54 Guru Besar Minta Arief Hidayat Mundur Sebagai Hakim MK
Aksi teaterikal desak Ketua Mahkamah Konstitusi Arief Hidayat mundur
dari jabatannya digelar masa yang menamakan dirinya Koalisi Masyarakat Sipil
Selamatkan Mahkamah Konstitusi (KMSSMK) pada Kamis (1/2/201) di depan gedung
Mahakamah Konstitusi, Jakarta Pusat.
Jakarta (Cakrawala
Nusantara)- Desakan agar Arief Hidayat mundur dari jabatannya
sebagai Ketua dan Hakim Mahkamah Konstitusi (MK) terus disuarakan berbagai
pihak.
Kali ini,
suara tersebut disampaikan 54 guru besar dan profesor dari berbagai perguruan
tinggi dan lembaga di Indonesia.
Mereka antara
lain dari Universitas Indonesia, Universitas Gadjah Mada (UGM), Institut
Teknologi Bandung, Institut Pertanian Bogor, Universitas Hasanudin, Universitas
Airlangga, Institut Teknologi Sepuluh November, UIN Sunan Kalijaga, dan
Universitas Andalas.
Pengajar di Sekolah Tinggi
Hukum Indonesia Jentera Bivitri Susanti mengatakan, pernyataan agar Arief
mundur dari jabatannya akan disampaikan dalam bentuk surat kepada Arief dan
tembusan kepada delapan hakim konstitusi.
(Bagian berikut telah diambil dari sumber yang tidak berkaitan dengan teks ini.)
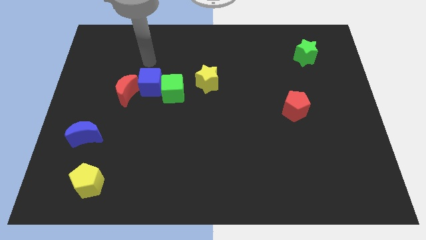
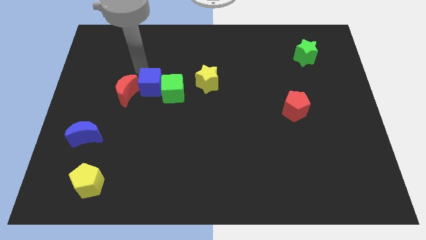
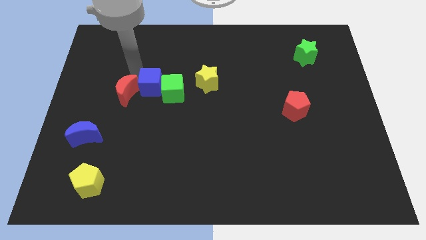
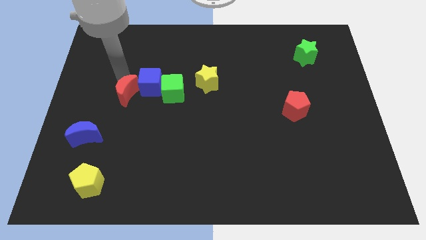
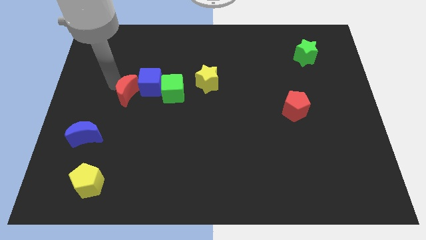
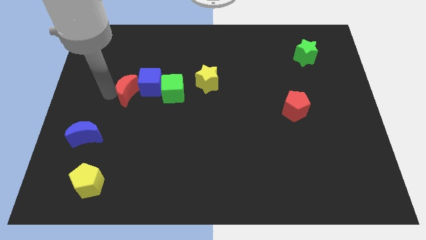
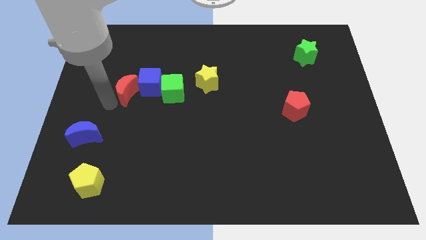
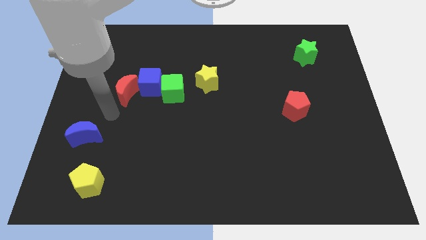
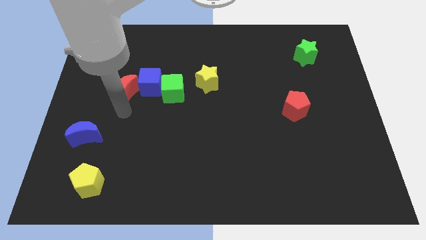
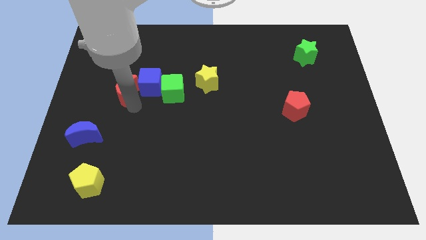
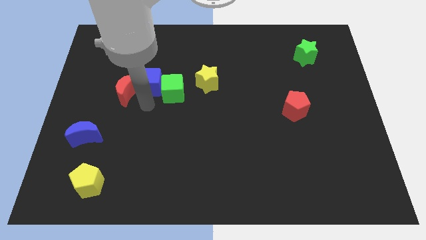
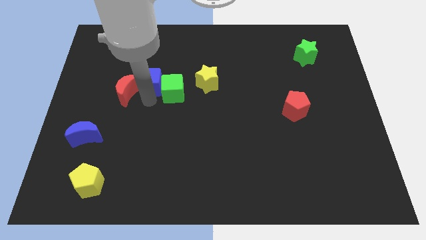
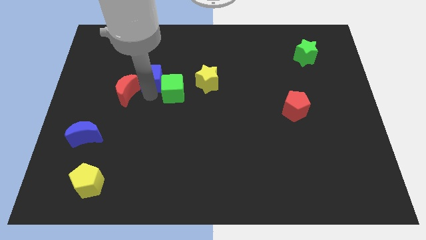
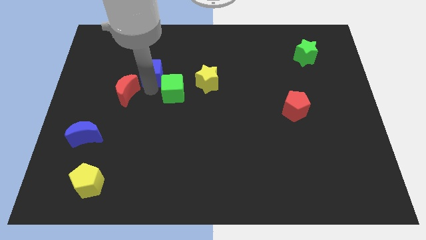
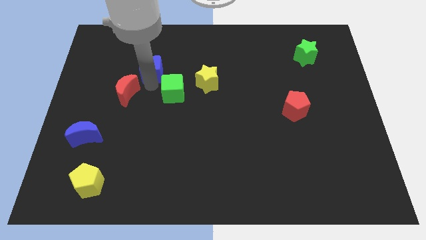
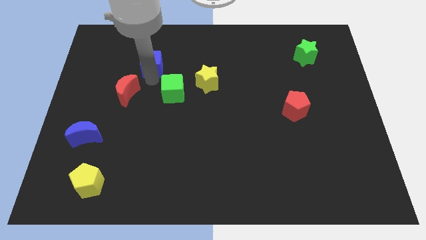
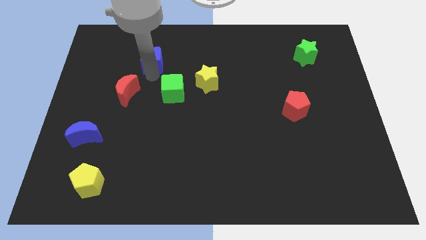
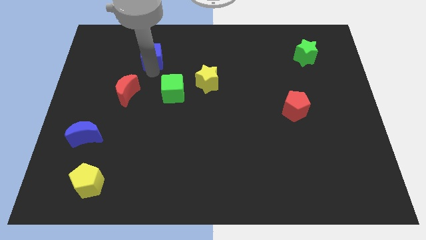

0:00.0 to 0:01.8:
move the blue cube away from the green cube and red moon

“Surat ini akan kami kirimkan ke MK tanggal 13 Februari,” kata
Bivitri dalam konferensi pers, Jakarta, Jumat (9/2/2018).
Pernyataan surat tersebut dilatarbelakangi adanya penjatuhan dua
sanksi etik yang diberikan Dewan Etik MK kepada Arief Hidayat, sekaligus
menjaga martabat dan kredibiltas MK di mata publik.
Menurut Bivitri, para profesor yang tergabung dalam gerakan moral
ini sependapat bahwa MK harus diisi oleh para hakim yang memahami hakikat
kejujuran, kebenaran, dan keadilan. Tanpa
pemahaman ini, seorang hakim tidak bisa menjadi garda penjaga kebenaran.
“Seorang hakim
MK yang terbukti melanggar etik, dia tidak punya kualitas sebagai negarawan.
Negarawan sejati tidak akan mempertahankan posisinya sebagai hakim konstitusi
setelah dijatuhi sanksi pelanggaran etika,” katanya.
Dalam kesempatan tersebut, Guru
Besar dari UI Sulistyowati Irianto mengatakan, gerakan moral ini bukanlah
sesuatu yang spontan.
Dia menegaskan, setiap orang harus mempertahankan Indonesia
sebagai negara hukum yang menjunjung tinggi demokrasi dan rules of law.
“Oleh karena itu, semua orang yang terlibat di sana, apalagi para
petingginya, itu dipastikan tidak memiliki cacat cela sedikit pun,” ucap
Sulisyowati.
Profesor Mayling Oey dari Universitas Indonesia menambahkan,
sebagai lembaga yang sakral dan tinggi kedudukannya, MK harusnya memiliki hakim
yang berintegritas. Pasalnya, putusan MK final dan mengikat.
“Konflik kepentingan diharamkan, terlebih oleh ketua yang mengejar
keuntungan,” kata Mayling.
Sementara itu, akademisi dari Universitas Airlangga Herlambang
Perdana mengatakan, kasus Arief ini menyita perhatian tidak hanya masyarakat
secara luas, tetapi juga para mahasiswa fakultas hukum.
“Mereka akan bertanya-tanya, standar mundur itu, apakah menunggu sanksi
etik ketiga, keempat, atau keberapa? Tentunya dari sudut pandang hukum, tidak
ada. Tergantung Pak Arief Hidayat yang terhormat,” kata Herlambang.